What is being asked
Take the entries below and write them out exactly, with each picture removed.

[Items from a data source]
☆ ☆ ☆

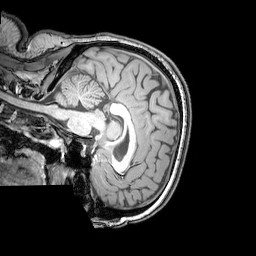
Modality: T1w
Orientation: sagittal
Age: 25
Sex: female
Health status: healthy
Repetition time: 0.081 s
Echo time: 0.037 s
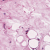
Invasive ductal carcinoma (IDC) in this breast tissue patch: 0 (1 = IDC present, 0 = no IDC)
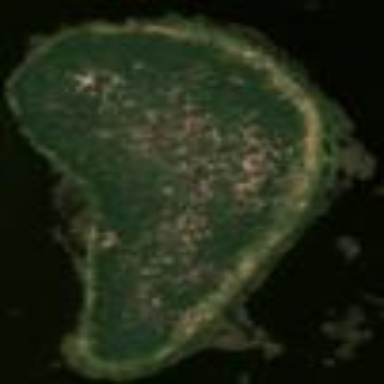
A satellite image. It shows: Island covered with scrub vegetation.
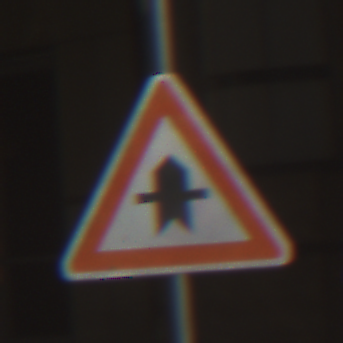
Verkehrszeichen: Vorfahrt
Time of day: MorningAfternoon
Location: Outdoor (Urban)
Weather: PartlyCloudy
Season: NotSpecified
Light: Natural
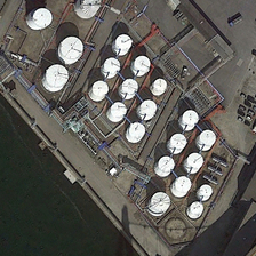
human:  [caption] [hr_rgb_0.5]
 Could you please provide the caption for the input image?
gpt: A large gray area has a lot of oil tanks

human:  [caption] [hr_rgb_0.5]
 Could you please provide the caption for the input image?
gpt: A large gray area has a lot of oil tanks

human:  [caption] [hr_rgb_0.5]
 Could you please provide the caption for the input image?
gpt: A large gray area has a lot of oil tanks

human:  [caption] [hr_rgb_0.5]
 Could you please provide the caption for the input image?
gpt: A large gray area has a lot of oil tanks

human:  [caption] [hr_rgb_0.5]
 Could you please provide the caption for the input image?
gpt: A large gray area has a lot of oil tanks
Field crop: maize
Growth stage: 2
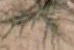
Species: salsola
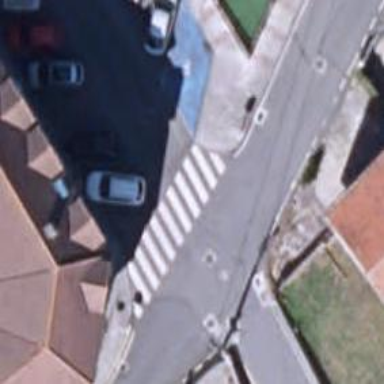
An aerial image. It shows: Uncontrolled road crossing.
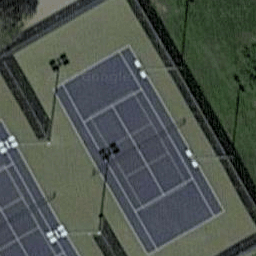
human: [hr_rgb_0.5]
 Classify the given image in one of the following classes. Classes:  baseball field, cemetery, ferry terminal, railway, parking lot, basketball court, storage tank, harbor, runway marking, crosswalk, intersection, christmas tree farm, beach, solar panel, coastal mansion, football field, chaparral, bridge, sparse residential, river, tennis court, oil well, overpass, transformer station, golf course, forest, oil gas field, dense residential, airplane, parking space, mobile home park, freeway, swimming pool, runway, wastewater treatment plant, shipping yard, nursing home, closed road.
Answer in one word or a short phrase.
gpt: tennis court
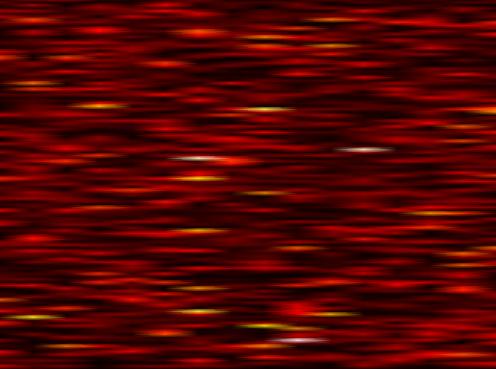
Label: UFMC
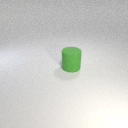
large green rubber cylinder
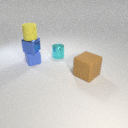
small yellow rubber cylinder above small blue rubber cube
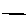
Label: line
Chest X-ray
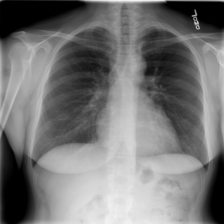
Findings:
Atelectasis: negative
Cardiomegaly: negative
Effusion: negative
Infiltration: negative
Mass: negative
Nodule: negative
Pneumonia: negative
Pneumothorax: negative
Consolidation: negative
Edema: negative
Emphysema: negative
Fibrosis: negative
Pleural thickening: negative
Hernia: negative
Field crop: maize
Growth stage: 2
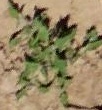
Species: atriplex
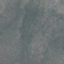
Label: HerbaceousVegetation
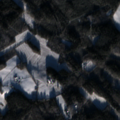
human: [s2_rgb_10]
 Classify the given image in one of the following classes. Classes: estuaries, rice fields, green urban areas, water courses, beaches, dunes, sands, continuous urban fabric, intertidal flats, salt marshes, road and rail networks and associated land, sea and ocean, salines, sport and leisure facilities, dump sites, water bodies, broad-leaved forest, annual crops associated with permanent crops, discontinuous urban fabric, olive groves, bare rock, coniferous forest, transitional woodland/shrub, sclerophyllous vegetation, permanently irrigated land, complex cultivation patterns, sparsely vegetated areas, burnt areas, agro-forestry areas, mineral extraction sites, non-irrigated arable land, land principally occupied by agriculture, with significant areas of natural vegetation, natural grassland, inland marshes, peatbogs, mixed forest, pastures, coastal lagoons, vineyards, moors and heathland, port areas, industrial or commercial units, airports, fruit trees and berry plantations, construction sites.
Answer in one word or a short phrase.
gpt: non-irrigated arable land, broad-leaved forest, coniferous forest, mixed forest
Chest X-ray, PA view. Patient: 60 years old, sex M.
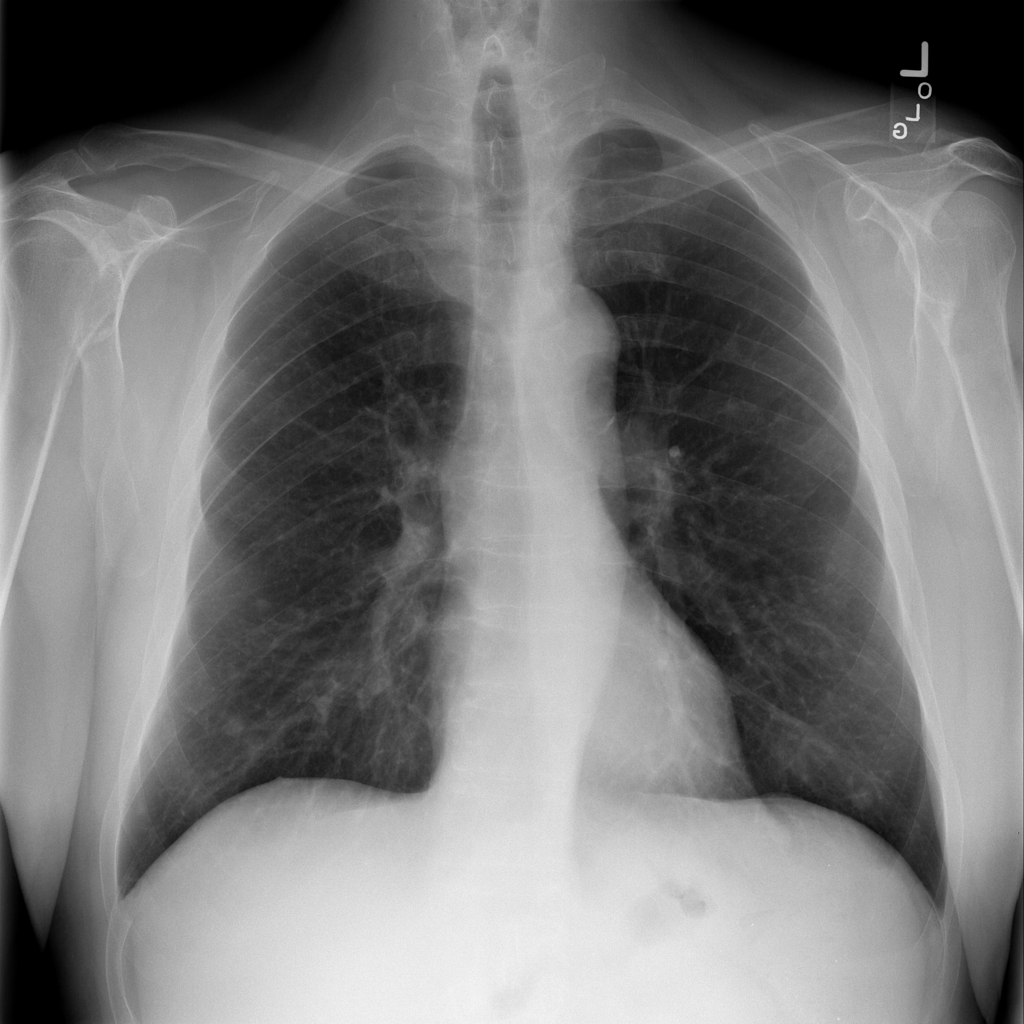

☆ ☆ ☆

Answer space
Modality: T1w
Orientation: sagittal
Age: 25
Sex: female
Health status: healthy
Repetition time: 0.081 s
Echo time: 0.037 s
Invasive ductal carcinoma (IDC) in this breast tissue patch: 0 (1 = IDC present, 0 = no IDC)
A satellite image. It shows: Island covered with scrub vegetation.
Verkehrszeichen: Vorfahrt
Time of day: MorningAfternoon
Location: Outdoor (Urban)
Weather: PartlyCloudy
Season: NotSpecified
Light: Natural
human:  [caption] [hr_rgb_0.5]
 Could you please provide the caption for the input image?
gpt: A large gray area has a lot of oil tanks

human:  [caption] [hr_rgb_0.5]
 Could you please provide the caption for the input image?
gpt: A large gray area has a lot of oil tanks

human:  [caption] [hr_rgb_0.5]
 Could you please provide the caption for the input image?
gpt: A large gray area has a lot of oil tanks

human:  [caption] [hr_rgb_0.5]
 Could you please provide the caption for the input image?
gpt: A large gray area has a lot of oil tanks

human:  [caption] [hr_rgb_0.5]
 Could you please provide the caption for the input image?
gpt: A large gray area has a lot of oil tanks
Field crop: maize
Growth stage: 2
Species: salsola
An aerial image. It shows: Uncontrolled road crossing.
human: [hr_rgb_0.5]
 Classify the given image in one of the following classes. Classes:  baseball field, cemetery, ferry terminal, railway, parking lot, basketball court, storage tank, harbor, runway marking, crosswalk, intersection, christmas tree farm, beach, solar panel, coastal mansion, football field, chaparral, bridge, sparse residential, river, tennis court, oil well, overpass, transformer station, golf course, forest, oil gas field, dense residential, airplane, parking space, mobile home park, freeway, swimming pool, runway, wastewater treatment plant, shipping yard, nursing home, closed road.
Answer in one word or a short phrase.
gpt: tennis court
Label: UFMC
large green rubber cylinder
small yellow rubber cylinder above small blue rubber cube
Label: line
Chest X-ray
Findings:
Atelectasis: negative
Cardiomegaly: negative
Effusion: negative
Infiltration: negative
Mass: negative
Nodule: negative
Pneumonia: negative
Pneumothorax: negative
Consolidation: negative
Edema: negative
Emphysema: negative
Fibrosis: negative
Pleural thickening: negative
Hernia: negative
Field crop: maize
Growth stage: 2
Species: atriplex
Label: HerbaceousVegetation
human: [s2_rgb_10]
 Classify the given image in one of the following classes. Classes: estuaries, rice fields, green urban areas, water courses, beaches, dunes, sands, continuous urban fabric, intertidal flats, salt marshes, road and rail networks and associated land, sea and ocean, salines, sport and leisure facilities, dump sites, water bodies, broad-leaved forest, annual crops associated with permanent crops, discontinuous urban fabric, olive groves, bare rock, coniferous forest, transitional woodland/shrub, sclerophyllous vegetation, permanently irrigated land, complex cultivation patterns, sparsely vegetated areas, burnt areas, agro-forestry areas, mineral extraction sites, non-irrigated arable land, land principally occupied by agriculture, with significant areas of natural vegetation, natural grassland, inland marshes, peatbogs, mixed forest, pastures, coastal lagoons, vineyards, moors and heathland, port areas, industrial or commercial units, airports, fruit trees and berry plantations, construction sites.
Answer in one word or a short phrase.
gpt: non-irrigated arable land, broad-leaved forest, coniferous forest, mixed forest
Chest X-ray, PA view. Patient: 60 years old, sex M.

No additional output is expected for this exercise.